Nesta terça-feira, 18, o Arquivo Público do Estado da Bahia (APEB), unidade da Fundação Pedro Calmon (FPC/SecultBA), realizou a palestra: “A invasão Holandesa e os documentos do APEB”, que rememorou os 400 anos do acontecimento histórico, a importância do Tribunal da Relação do Brasil, e a influência dos povos indígenas nas batalhas. A atividade contou com a participação do Desembargador do Tribunal de Justiça da Bahia (TJ-BA), Dr. Lidivaldo Britto e do Professor Dr. David Barbuda, com a mediação da Profa. Dra. Alícia Duhá Lose, e a presença de pesquisadores.

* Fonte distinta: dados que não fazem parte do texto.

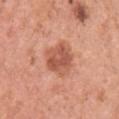Clinical impression:
The lesion was tiled from a total-body skin photograph and was not biopsied.
Clinical summary:
The patient is a female in their 50s. The lesion's longest dimension is about 4.5 mm. A 15 mm close-up extracted from a 3D total-body photography capture. On the left upper arm. Captured under white-light illumination.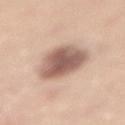biopsy status: catalogued during a skin exam; not biopsied.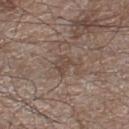{
  "biopsy_status": "not biopsied; imaged during a skin examination",
  "site": "right lower leg",
  "lighting": "white-light",
  "automated_metrics": {
    "cielab_L": 45,
    "cielab_a": 14,
    "cielab_b": 23,
    "vs_skin_darker_L": 7.0,
    "vs_skin_contrast_norm": 5.5,
    "nevus_likeness_0_100": 0
  },
  "image": {
    "source": "total-body photography crop",
    "field_of_view_mm": 15
  },
  "patient": {
    "sex": "male",
    "age_approx": 60
  },
  "lesion_size": {
    "long_diameter_mm_approx": 2.5
  }
}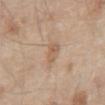• follow-up — no biopsy performed (imaged during a skin exam)
• illumination — white-light
• acquisition — total-body-photography crop, ~15 mm field of view
• lesion diameter — ~2.5 mm (longest diameter)
• body site — the front of the torso
• image-analysis metrics — a shape eccentricity near 0.8 and a symmetry-axis asymmetry near 0.4; a classifier nevus-likeness of about 0/100 and lesion-presence confidence of about 100/100
• subject — male, aged 78 to 82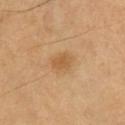Q: Was a biopsy performed?
A: total-body-photography surveillance lesion; no biopsy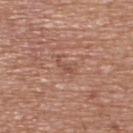biopsy status: imaged on a skin check; not biopsied
patient: male, aged approximately 65
TBP lesion metrics: a lesion area of about 3.5 mm² and a symmetry-axis asymmetry near 0.5; a lesion color around L≈51 a*≈22 b*≈27 in CIELAB and roughly 7 lightness units darker than nearby skin; a border-irregularity index near 6/10, a within-lesion color-variation index near 1.5/10, and peripheral color asymmetry of about 0.5
acquisition: ~15 mm tile from a whole-body skin photo
body site: the upper back
size: about 3 mm
lighting: white-light illumination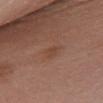Q: Was this lesion biopsied?
A: imaged on a skin check; not biopsied
Q: Lesion location?
A: the chest
Q: How large is the lesion?
A: ≈2.5 mm
Q: What is the imaging modality?
A: ~15 mm crop, total-body skin-cancer survey
Q: What did automated image analysis measure?
A: border irregularity of about 2 on a 0–10 scale and internal color variation of about 2 on a 0–10 scale; a nevus-likeness score of about 0/100
Q: What are the patient's age and sex?
A: female, approximately 50 years of age
Q: Illumination type?
A: white-light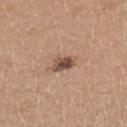Q: Was this lesion biopsied?
A: no biopsy performed (imaged during a skin exam)
Q: What kind of image is this?
A: 15 mm crop, total-body photography
Q: What are the patient's age and sex?
A: female, aged approximately 35
Q: Lesion location?
A: the left lower leg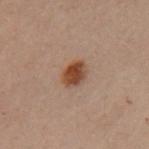Recorded during total-body skin imaging; not selected for excision or biopsy.
Longest diameter approximately 3 mm.
Captured under cross-polarized illumination.
Automated image analysis of the tile measured a footprint of about 5.5 mm², an eccentricity of roughly 0.7, and a symmetry-axis asymmetry near 0.1. The analysis additionally found a lesion color around L≈35 a*≈18 b*≈26 in CIELAB, roughly 11 lightness units darker than nearby skin, and a normalized lesion–skin contrast near 10.5.
A lesion tile, about 15 mm wide, cut from a 3D total-body photograph.
A female subject aged around 30.
On the left upper arm.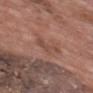Captured during whole-body skin photography for melanoma surveillance; the lesion was not biopsied. A male subject, aged 68 to 72. This image is a 15 mm lesion crop taken from a total-body photograph. The lesion's longest dimension is about 3 mm. Imaged with white-light lighting. On the back.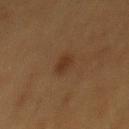{"biopsy_status": "not biopsied; imaged during a skin examination", "lesion_size": {"long_diameter_mm_approx": 3.0}, "patient": {"sex": "male", "age_approx": 55}, "automated_metrics": {"area_mm2_approx": 4.0, "cielab_L": 29, "cielab_a": 16, "cielab_b": 28, "vs_skin_darker_L": 6.0, "border_irregularity_0_10": 2.5, "color_variation_0_10": 1.5, "peripheral_color_asymmetry": 0.5, "nevus_likeness_0_100": 95, "lesion_detection_confidence_0_100": 100}, "image": {"source": "total-body photography crop", "field_of_view_mm": 15}, "lighting": "cross-polarized", "site": "chest"}

Na ocasião, o Desembargador Lidivaldo Britto explanou sobre o Tribunal da Relação do Brasil, atual Tribunal de Justiça do Estado da Bahia e a invasão holandesa, destacando que documentos recuperados desse período, são custodiados pelo APEB.

“O Tribunal da Relação foi o primeiro do continente americano. Com a vinda do Tribunal para a Bahia, o padre Antônio Vieira veio para Salvador, responsável por escrever a Carta Ânua relatando o que aconteceu naquele ano. Nessa época, foi o Presidente do TJ que começou a liderar a resistência à invasão holandesa. Foram muitas batalhas, os indígenas, os escravizados tiveram influência na resistência muito intensa da comunidade para que os holandeses fossem expulsos, após a expulsão houve muitas consequências para o tribunal, com um movimento para a sua desativação. Os documentos a partir de 1653, quando houve a reativação, se encontram custodiados no APEB. O acervo foi tombado como Patrimônio do Mundo, por isso há uma parceria constante entre TJ e o Arquivo”, enfatizou.

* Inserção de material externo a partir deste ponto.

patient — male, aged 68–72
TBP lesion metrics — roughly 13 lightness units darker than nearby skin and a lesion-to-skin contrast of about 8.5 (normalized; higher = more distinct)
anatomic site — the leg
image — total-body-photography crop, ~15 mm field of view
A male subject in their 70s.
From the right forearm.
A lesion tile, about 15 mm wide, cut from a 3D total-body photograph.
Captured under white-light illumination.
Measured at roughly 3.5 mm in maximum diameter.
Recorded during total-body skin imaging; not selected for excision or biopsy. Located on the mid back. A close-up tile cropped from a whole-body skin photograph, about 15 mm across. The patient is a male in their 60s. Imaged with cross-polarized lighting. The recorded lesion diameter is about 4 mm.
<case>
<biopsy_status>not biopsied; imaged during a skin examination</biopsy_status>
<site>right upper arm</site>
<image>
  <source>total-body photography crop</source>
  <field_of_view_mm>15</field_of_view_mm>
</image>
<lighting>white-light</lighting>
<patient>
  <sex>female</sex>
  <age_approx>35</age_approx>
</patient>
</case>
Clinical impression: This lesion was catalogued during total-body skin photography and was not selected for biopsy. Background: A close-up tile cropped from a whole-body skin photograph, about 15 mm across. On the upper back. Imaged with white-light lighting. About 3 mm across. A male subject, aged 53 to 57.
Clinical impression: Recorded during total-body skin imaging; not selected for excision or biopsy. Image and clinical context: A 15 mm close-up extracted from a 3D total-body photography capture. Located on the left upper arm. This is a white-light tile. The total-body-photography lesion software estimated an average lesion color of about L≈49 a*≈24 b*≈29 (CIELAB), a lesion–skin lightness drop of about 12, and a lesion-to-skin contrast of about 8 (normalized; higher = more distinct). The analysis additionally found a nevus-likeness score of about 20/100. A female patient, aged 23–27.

Por sua vez, o historiador Prof. Dr. Davi Barbuda Ferreira, pesquisador dedicado à história dos povos indígenas entre os séculos XVII e XIX, apresentou o resultado da sua pesquisa sobre o tema: “De aldeados a soldados: os índios nas guerras luso-holandesas”.

“A partir a inserção dos indígenas nessas batalhas, há um processo de anseios desses sujeitos. Há uma infinidade de formas de entender a resistência. Boa parte dos soldados que lutaram contra os holandeses vieram das aldeias, em sua maioria, os tupi, em especial os tupinambás. O não avanço dos holandeses na Bahia nos traz um debate sobre técnicas, táticas, militares e o protagonismo indígena. Foram cinco mil indígenas que lutaram direta e indiretamente, e esses sujeitos se interessavam por obter benefícios, pois para além da sobrevivência, livrar-se da ameaça da escravidão, na perspectiva indígena, aceitar aldear-se era um passo necessário para ascensão social para as lideranças e para a vida comunitária”, explicou.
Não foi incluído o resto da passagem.